"Eu não me sinto nada velho(a), sei que tenho ainda muito para fazer e viver", ou "Não sinto a idade que tenho", frases comuns, banais em pessoas a partir de uma certa idade.
Eu também as ouço e apercebo-me que, subjacente, está o medo da morte ou de uma doença incapacitante. Não me identifico com isto, aliás nunca as digo. A morte causa-me realmente pavor, mas é a dos outros, não a minha. Por causa da perda que representa essa morte, sinto na carne o que será a falta dessas pessoas, a sua ausência. Agora, a minha...
Na verdade, acho que sei o que poderei sentir quando a minha morte começar a ficar gritantemente próxima.
Nunca tinha vivido sozinho até me separar. Nos primeiros tempos isso não me trouxe qualquer problema porque trabalhava o dia todo na escola (em Loures) e, ao fim da tarde, levava o meu filho à natação ou à música, chegando a casa (na Costa da Caparica) pelas 8 ou 9 da noite. O fim de semana passava-o com a minha família. Não dava para me sentir só, apenas me sentia liberto de um pesadelo.

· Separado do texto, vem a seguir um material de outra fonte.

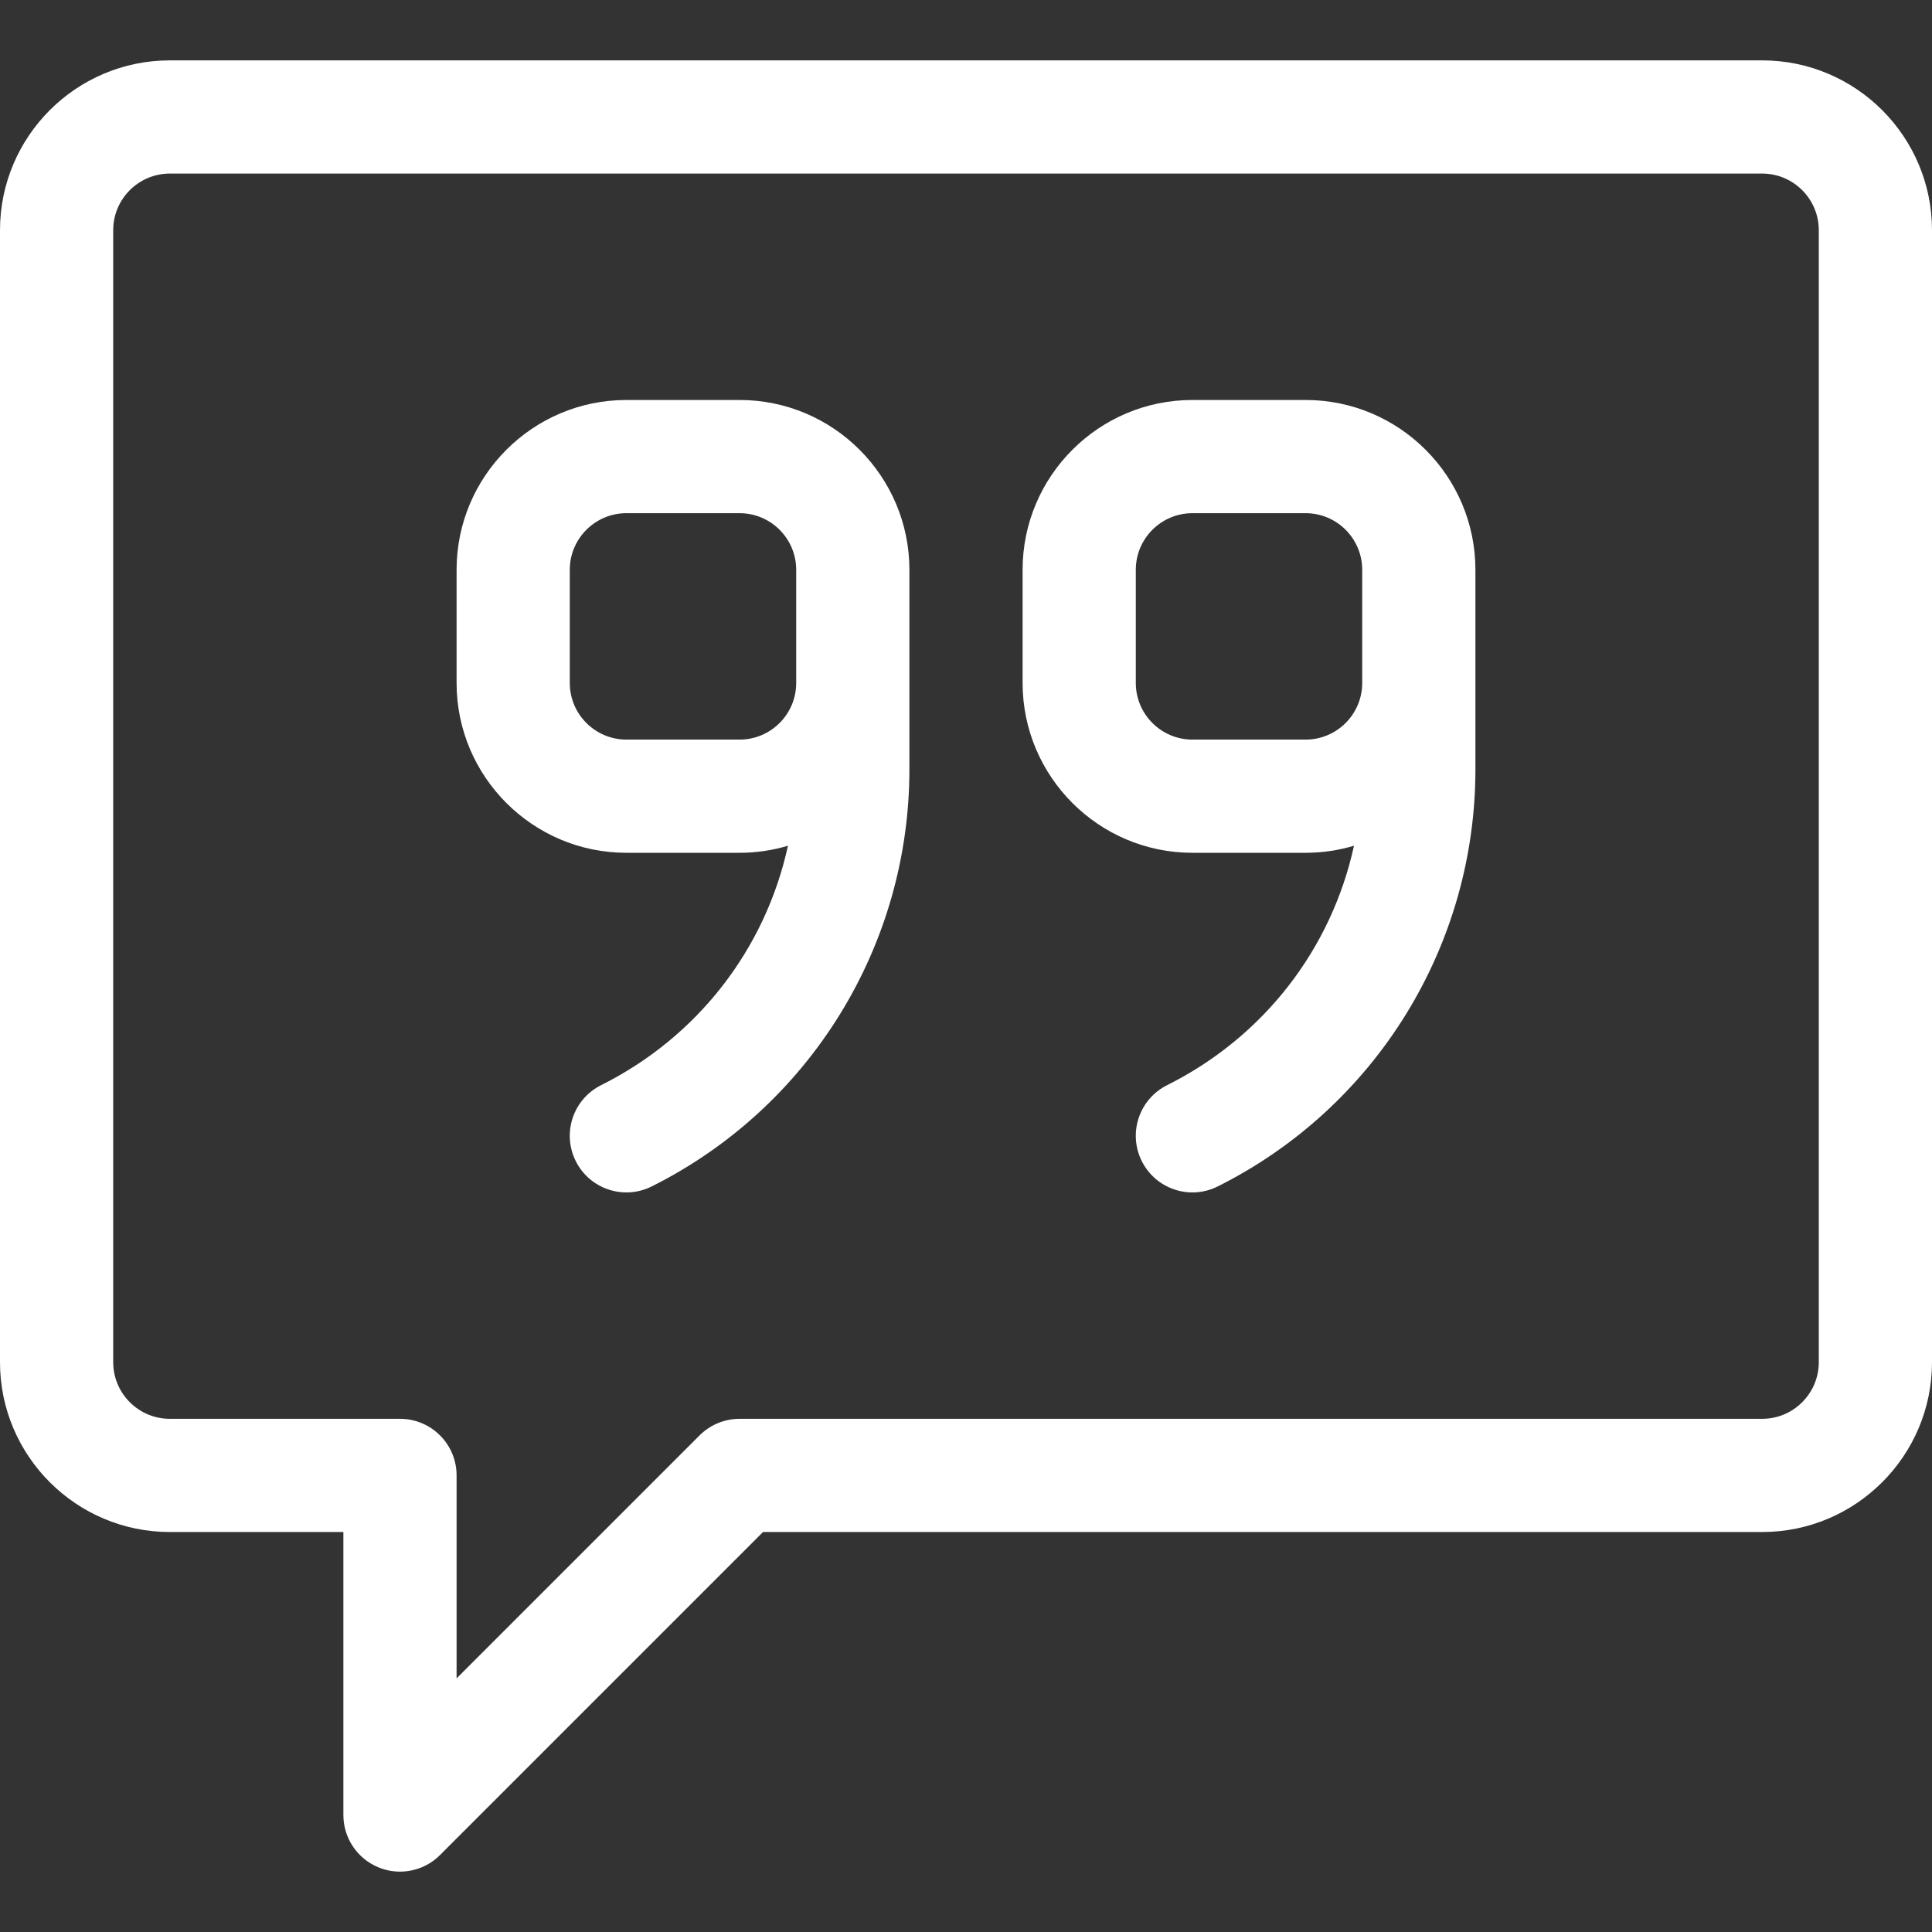 <?xml version="1.0" encoding="UTF-8"?> <svg xmlns="http://www.w3.org/2000/svg" xmlns:xlink="http://www.w3.org/1999/xlink" version="1.1" id="Capa_1" x="0px" y="0px" viewBox="0 0 512 512" style="enable-background:new 0 0 512 512;" xml:space="preserve"><rect x="0" y="0" width="512" height="512" fill="#333333" stroke="none"/><g><g><path d="M467,16H45C20.187,16,0,36.187,0,61v300c0,24.813,20.187,45,45,45h46v75c0,6.067,3.655,11.537,9.26,13.858 c1.856,0.769,3.805,1.142,5.737,1.142c3.904,0,7.741-1.524,10.61-4.394L202.213,406H467c24.813,0,45-20.187,45-45V61 C512,36.187,491.813,16,467,16z M482,361c0,8.271-6.729,15-15,15H196c-3.978,0-7.793,1.581-10.606,4.394L121,444.786V391 c0-8.284-6.716-15-15-15H45c-8.271,0-15-6.729-15-15V61c0-8.271,6.729-15,15-15h422c8.271,0,15,6.729,15,15V361z" fill="#000000" style="fill: rgb(255, 255, 255);"></path></g></g><g><g><path d="M346,106h-30c-24.813,0-45,20.187-45,45v30c0,24.813,20.187,45,45,45h30c4.454,0,8.754-0.66,12.82-1.871 c-5.952,27.254-23.808,50.595-49.529,63.455c-7.41,3.705-10.413,12.715-6.708,20.125c3.706,7.412,12.717,10.412,20.125,6.708 c20.536-10.268,37.77-26.019,49.841-45.549C384.62,249.336,391,226.877,391,203.918c0-10.293,0-42.664,0-52.918 C391,126.187,370.813,106,346,106z M361,181c0,8.271-6.729,15-15,15h-30c-8.271,0-15-6.729-15-15v-30c0-8.271,6.729-15,15-15h30 c8.271,0,15,6.729,15,15C361,161.856,361,170.144,361,181z" fill="#000000" style="fill: rgb(255, 255, 255);"></path></g></g><g><g><path d="M196,106h-30c-24.813,0-45,20.187-45,45v30c0,24.813,20.187,45,45,45h30c4.454,0,8.754-0.66,12.82-1.871 c-5.953,27.254-23.808,50.595-49.529,63.455c-7.41,3.705-10.413,12.715-6.708,20.125c3.706,7.412,12.717,10.412,20.125,6.708 c20.536-10.268,37.77-26.019,49.841-45.549C234.62,249.336,241,226.877,241,203.918c0-10.293,0-42.664,0-52.918 C241,126.187,220.813,106,196,106z M211,181c0,8.271-6.729,15-15,15h-30c-8.271,0-15-6.729-15-15v-30c0-8.271,6.729-15,15-15h30 c8.271,0,15,6.729,15,15C211,161.856,211,170.144,211,181z" fill="#000000" style="fill: rgb(255, 255, 255);"></path></g></g></svg>

Mas, na semana entre o Natal e o Ano Novo, o caso passou a ser outro muito diferente: o isolamento total caiu sobre mim. Sem escola, sem o meu filho, os amigos e familiares a trabalharem ou de férias longe (só começaria a namorar alguns tempos depois)... e, ainda por cima adoeço!

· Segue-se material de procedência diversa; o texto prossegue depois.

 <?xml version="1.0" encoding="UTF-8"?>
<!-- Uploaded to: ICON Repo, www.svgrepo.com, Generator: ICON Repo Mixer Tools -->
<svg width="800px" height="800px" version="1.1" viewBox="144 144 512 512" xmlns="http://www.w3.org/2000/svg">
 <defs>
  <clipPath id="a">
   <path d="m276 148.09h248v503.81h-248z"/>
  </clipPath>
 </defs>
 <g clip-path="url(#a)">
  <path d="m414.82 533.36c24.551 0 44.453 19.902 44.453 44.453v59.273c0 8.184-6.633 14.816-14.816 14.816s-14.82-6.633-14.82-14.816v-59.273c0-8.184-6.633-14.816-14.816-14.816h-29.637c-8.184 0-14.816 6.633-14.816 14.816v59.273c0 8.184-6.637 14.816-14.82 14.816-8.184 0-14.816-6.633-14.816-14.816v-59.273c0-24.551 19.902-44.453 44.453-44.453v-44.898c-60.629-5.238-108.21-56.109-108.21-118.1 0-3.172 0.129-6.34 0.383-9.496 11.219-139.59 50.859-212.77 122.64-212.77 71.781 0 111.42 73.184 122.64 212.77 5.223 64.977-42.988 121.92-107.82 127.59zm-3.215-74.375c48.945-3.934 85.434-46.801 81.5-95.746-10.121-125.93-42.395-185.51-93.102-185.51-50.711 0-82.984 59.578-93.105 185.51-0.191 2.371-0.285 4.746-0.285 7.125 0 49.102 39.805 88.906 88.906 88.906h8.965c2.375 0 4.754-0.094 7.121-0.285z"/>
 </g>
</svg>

Tratou-se de uma simples gripe, mas foi o bastante para eu ser tomado de uma angústia enorme: cheio de febre, a ter de fazer compras e a comida para me alimentar, ter de ir à farmácia para comprar medicamentos, a pensar como conseguiria ir sozinho ao centro de saúde se as coisas piorassem, sem saber a quem podia recorrer numa emergência, tudo isso deu origem a que, num desses dias em particular, fosse invadido por uma sensação verdadeiramente horrível sobre a qual perdi todo o controlo. Soube mais tarde que tinha sido vítima de um ataque de pânico.
Fosse o que fosse, a verdade é que nunca mais esquecerei esse dia terrível por que passei.
Isto para dizer que, na pior das hipóteses, será assim, penso eu, com um pânico e uma solidão semelhantes, que provavelmente me aproximarei da morte. Portanto, apesar de ser ateu e de não acreditar em vidas para além da morte, encaro esta com distância mas também com aceitação.
Agora a morte dos outros, é que não, de todo: não consigo, nem nunca conseguirei encará-la com naturalidade, seja na vida real, nos livros ou nos filmes. Revolta-me sempre a sua existência e apavora-me, profundamente, a sua cegueira e inevitabilidade.